Once you have read the listing, write it all out exactly.

########################################

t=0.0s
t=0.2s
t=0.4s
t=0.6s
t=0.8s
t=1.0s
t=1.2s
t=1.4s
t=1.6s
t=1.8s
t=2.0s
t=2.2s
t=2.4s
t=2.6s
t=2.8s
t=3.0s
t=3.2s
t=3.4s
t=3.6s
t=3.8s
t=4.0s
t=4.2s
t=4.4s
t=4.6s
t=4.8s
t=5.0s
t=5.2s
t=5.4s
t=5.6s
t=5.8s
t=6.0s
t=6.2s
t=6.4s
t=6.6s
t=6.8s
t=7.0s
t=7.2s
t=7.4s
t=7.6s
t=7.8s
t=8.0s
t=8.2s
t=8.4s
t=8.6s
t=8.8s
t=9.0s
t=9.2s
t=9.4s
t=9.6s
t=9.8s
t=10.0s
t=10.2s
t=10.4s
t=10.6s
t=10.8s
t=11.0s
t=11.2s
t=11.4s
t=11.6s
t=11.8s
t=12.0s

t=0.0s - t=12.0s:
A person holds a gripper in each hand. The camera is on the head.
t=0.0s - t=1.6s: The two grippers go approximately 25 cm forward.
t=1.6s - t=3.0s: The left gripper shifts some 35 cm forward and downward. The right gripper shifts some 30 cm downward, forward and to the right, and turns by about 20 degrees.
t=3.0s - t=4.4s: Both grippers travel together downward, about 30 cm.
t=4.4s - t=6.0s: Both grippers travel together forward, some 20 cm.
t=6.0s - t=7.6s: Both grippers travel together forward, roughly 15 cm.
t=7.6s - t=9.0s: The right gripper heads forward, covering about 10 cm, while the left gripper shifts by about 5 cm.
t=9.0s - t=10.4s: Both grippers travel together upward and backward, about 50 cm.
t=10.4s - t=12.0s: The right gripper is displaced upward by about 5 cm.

########################################

● Result of this task:
t=0.0s
t=0.2s
t=0.4s
t=0.6s
t=0.8s
t=1.0s
t=1.2s
t=1.4s
t=1.6s
t=1.8s
t=2.0s
t=2.2s
t=2.4s
t=2.6s
t=2.8s
t=3.0s
t=3.2s
t=3.4s
t=3.6s
t=3.8s
t=4.0s
t=4.2s
t=4.4s
t=4.6s
t=4.8s
t=5.0s
t=5.2s
t=5.4s
t=5.6s
t=5.8s
t=6.0s
t=6.2s
t=6.4s
t=6.6s
t=6.8s
t=7.0s
t=7.2s
t=7.4s
t=7.6s
t=7.8s
t=8.0s
t=8.2s
t=8.4s
t=8.6s
t=8.8s
t=9.0s
t=9.2s
t=9.4s
t=9.6s
t=9.8s
t=10.0s
t=10.2s
t=10.4s
t=10.6s
t=10.8s
t=11.0s
t=11.2s
t=11.4s
t=11.6s
t=11.8s
t=12.0s

t=0.0s - t=12.0s:
A person holds a gripper in each hand. The camera is on the head.
t=0.0s - t=1.6s: The two grippers go approximately 25 cm forward.
t=1.6s - t=3.0s: The left gripper shifts some 35 cm forward and downward. The right gripper shifts some 30 cm downward, forward and to the right, and turns by about 20 degrees.
t=3.0s - t=4.4s: Both grippers travel together downward, about 30 cm.
t=4.4s - t=6.0s: Both grippers travel together forward, some 20 cm.
t=6.0s - t=7.6s: Both grippers travel together forward, roughly 15 cm.
t=7.6s - t=9.0s: The right gripper heads forward, covering about 10 cm, while the left gripper shifts by about 5 cm.
t=9.0s - t=10.4s: Both grippers travel together upward and backward, about 50 cm.
t=10.4s - t=12.0s: The right gripper is displaced upward by about 5 cm.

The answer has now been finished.